So I drove us there. When we got there we noticed how small it was. In the restaurant, a waiter named Robero approached us and took us to a table. He asked if we wanted anything to drink. I asked Ruby what she wanted and we agreed on red wine.
The waiter left to get the drinks. I opened the menu and decided I was going to order the ravioli. I asked Ruby what she wanted and she decided to have the spaghetti bolognese.
Whilst we were waiting for the waiter to return I felt a draft, and felt cold. I looked at the window and noticed that one of the panes of glass was missing. The waiter returned with glasses. I said we were getting cold from the draft and he just closed the curtains which was a bit odd.
He started to pour the wine but I noticed Ruby’s glass had a red mark around the edge of her glass. The waiter apologised and returned with a clean glass and poured some wine. He then took our order. I ordered ravioli and Ruby ordered spaghetti bolognese. The waiter left. As we chatted, it became noisy from children running about. One of them bumped my chair, it was terrible.
The waiter returned with our food. I picked up my knife and fork and noticed they were a bit mucky so I gave them a clean with my shirt. I started eating my ravioli but on closer inspection, I noticed I didn’t have a lot of meat in the ravioli parcels. I asked Ruby if hers was alright but she wasn’t happy because she found a hair in her food.
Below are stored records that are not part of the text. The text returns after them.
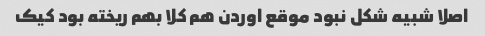
اصلا شبیه شکل نبود موقع اوردن هم کلا بهم ریخته بود کیک
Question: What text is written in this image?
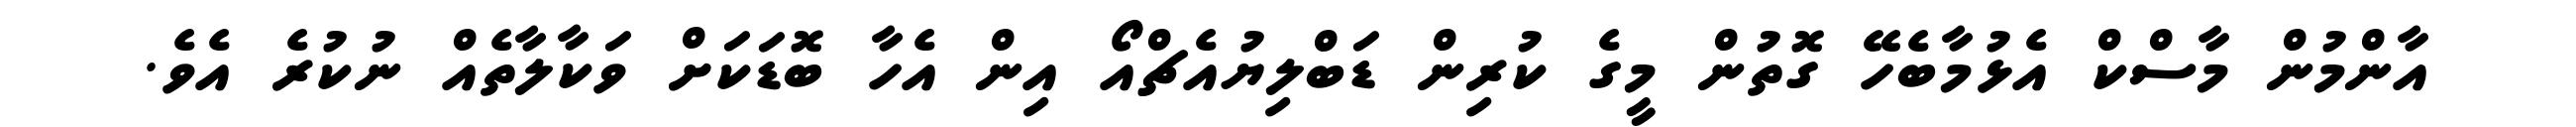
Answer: އާންމުން މާސްކް އެޅުމާބެހޭ ގޮތުން މީގެ ކުރިން ޑަބްލިޔުއެޗްއޯ އިން އެހާ ބޮޑަކަށް ވަކާލާތެއް ނުކުރެ އެވެ.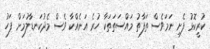
ކުރީކޮޅު ފެށި ނަމަވެސް ތަފާތު މައްސަތަތަކާ ހުރެ އަނެއްކާ ވެސް މެދުކަނޑާލުމަށް ފަހު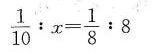
$$ \frac { 1 } { 10 } : x = \frac { 1 } { 8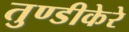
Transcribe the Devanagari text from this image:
तुण्डीकेरे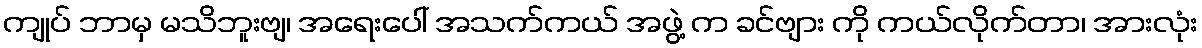
ကျုပ် ဘာမှ မသိဘူးဗျ၊ အရေးပေါ် အသက်ကယ် အဖွဲ့ က ခင်ဗျား ကို ကယ်လိုက်တာ၊ အားလုံး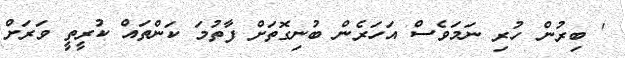
' ބިރުން ހުރި ނަމަވެސް އަހަރެން ބުނިގޮތަށް ފާތުމަ ކަންތައް ކުރީތީ ވަރަށް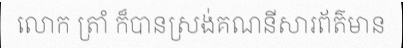
លោក ត្រាំ ក៏បានស្រង់គណនីសារព័ត៌មាន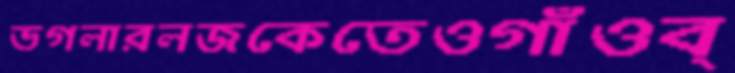
ভগলারলজকেতেওগাঁওব্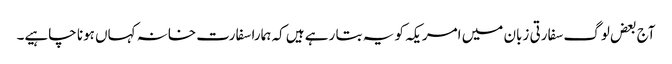
آج بعض لوگ سفارتی زبان میں امریکہ کو یہ بتا رہے ہیں کہ ہمارا سفارت خانہ کہاں ہونا چاہیے۔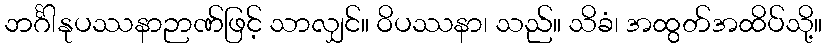
ဘင်္ဂါနုပဿနာဉာဏ်ဖြင့် သာလျှင်။ ဝိပဿနာ၊ သည်။ သိခံ၊ အထွတ်အထိပ်သို့။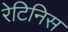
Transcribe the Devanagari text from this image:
रेटिनिस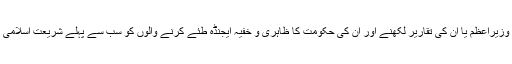
یہاں یہ کہنا ضروری ہے کہ وزیراعظم یا ان کی تقاریر لکھنے اور ان کی حکومت کا ظاہری و خفیہ ایجنڈہ طئے کرنے والوں کو سب سے پہلے شریعت اسلامی کا بغور مطالعہ کرنا چاہئے ۔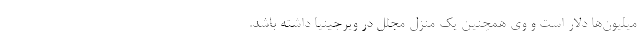
میلیون‌ها دلار است و وی همچنین یک منزل مجلل در ویرجینیا داشته باشد.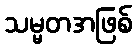
သမ္မတအဖြစ်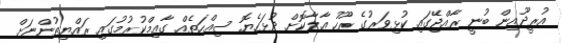
އުރީދޫއިން ބުނީ ރާއްޖޭގައި ކުޅިވަރުގެ ރޫހު އާލާކޮށް ދުޅަހެޔޮ ސިއްހަތެއް ގާއިމްކުރުމުގައި ރައްޔިތުންނަށް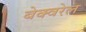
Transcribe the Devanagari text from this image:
बेक्वरेल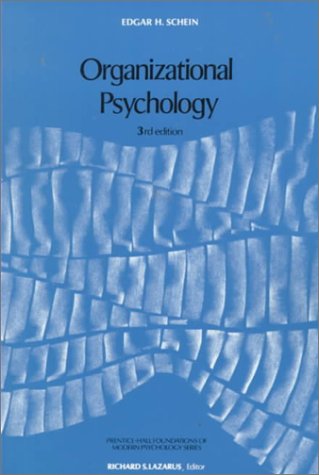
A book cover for Organizational Psychology (3rd Edition); Edgar H. Schein; Medical Books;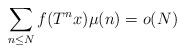
LaTeX: \begin{align*}\sum_{n\leq N} f(T^nx)\mu(n)=o(N)\end{align*}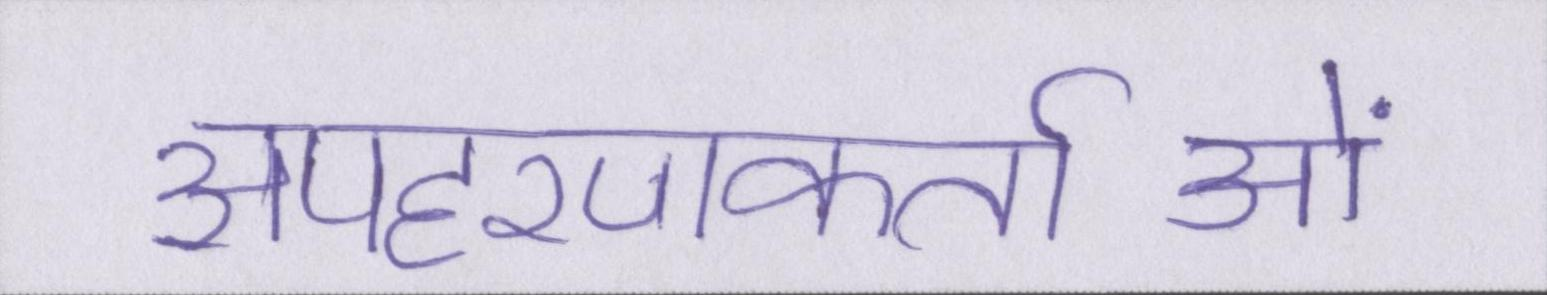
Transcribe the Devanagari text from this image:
अपहरणकर्ताओं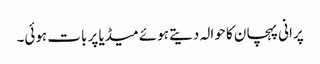
پرانی پہچان کا حوالہ دیتے ہوئے میڈیا پر بات ہوئی۔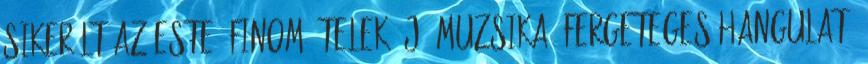
sikerült az este, finom ételek, jó muzsika, fergeteges hangulat.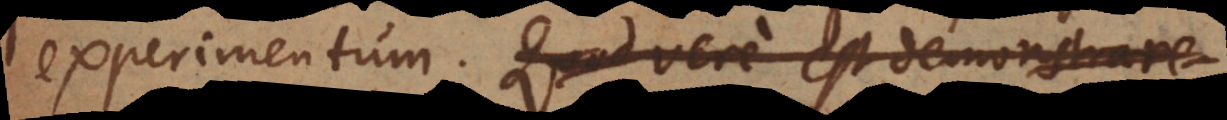
experimentum. Quod vere est demonstrare.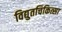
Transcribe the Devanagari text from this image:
विद्युतचिकित्सा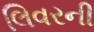
લિવરની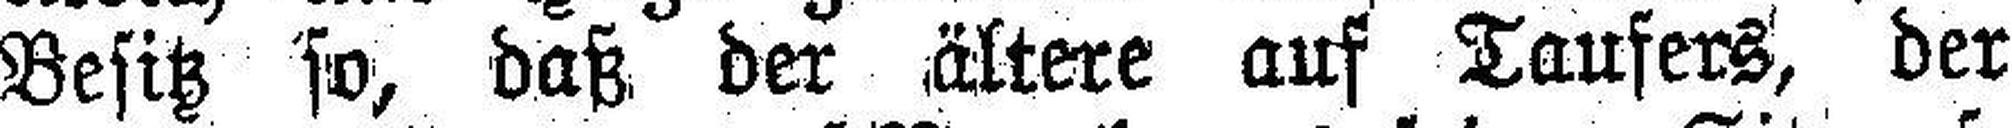
Besitz so, daß der ältere auf Taufers, der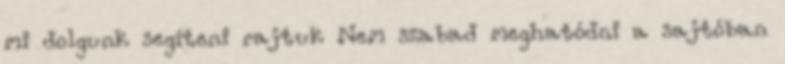
mi dolgunk segíteni rajtuk Nem szabad meghatódni a sajtóban
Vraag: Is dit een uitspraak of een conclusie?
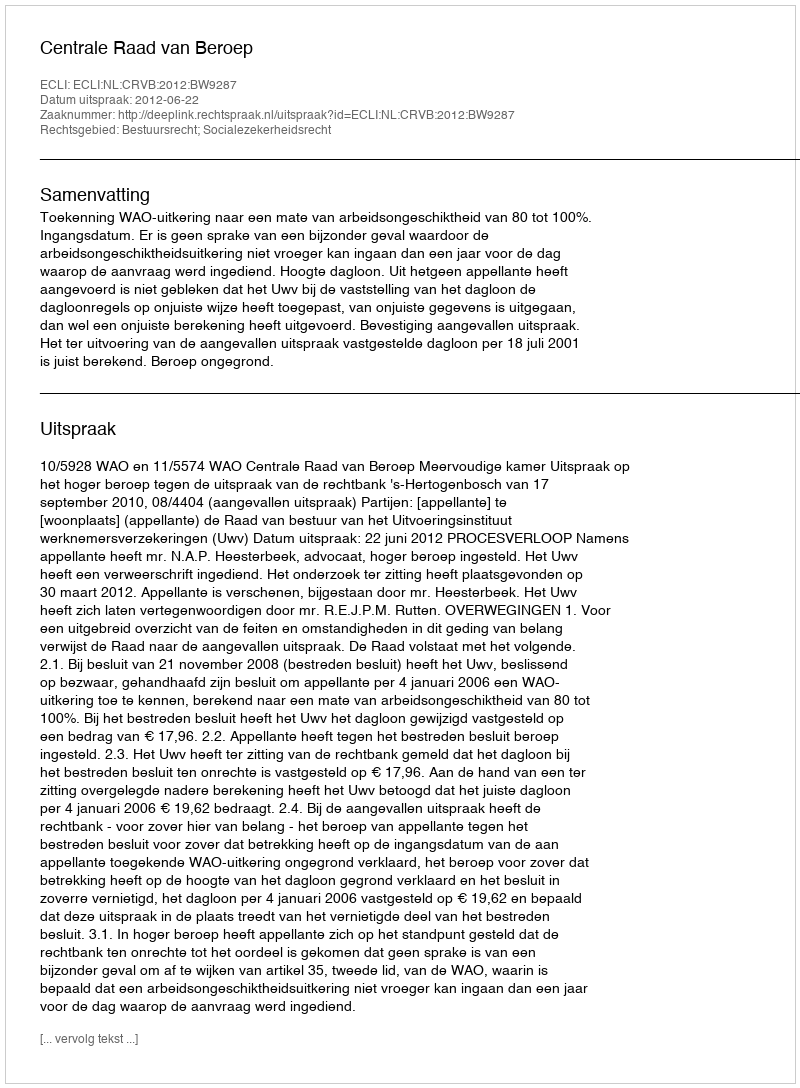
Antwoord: Uitspraak

I called the waiter over and explained the food was awful. He asked what was wrong with it. I explained that Ruby found a hair in her food and that there wasn’t any actual meat in the ravioli. He said sorry and I asked him to take the food away. He asked what we wanted and I said I’ll just pay for the wine. He said that was ok, that’s £8.99. I paid for the wine and we left. I asked Ruby if she wanted to go another time. She said “no, never again”
BSL Story 2 translation:
I was renting until I finally managed to buy a house, at last! I moved all my furniture and other things into storage because the house I bought, needed a lot of repairs. I couldn’t use all the rooms. I had to use one room at the back (the dining room). I had to sleep, cook, eat, watch tv in one room and I had no shower or bathroom.
BSL Story 3 translation:
Late one night I was looking through old photos and I found one from when I was 10. . I had a red school jumper on. The name was Dundee School. I was with my best friend Sarah. I haven’t see Sarah for many years. Why? I’ve been busy with a new job. I was sad I lost touch with my friend. I thought I’d email to see if she wanted to meet up for a coffee at the new café in town.
She replied quickly and said she’d love to meet up but could she bring someone. I thought she wanted to bring her boyfriend.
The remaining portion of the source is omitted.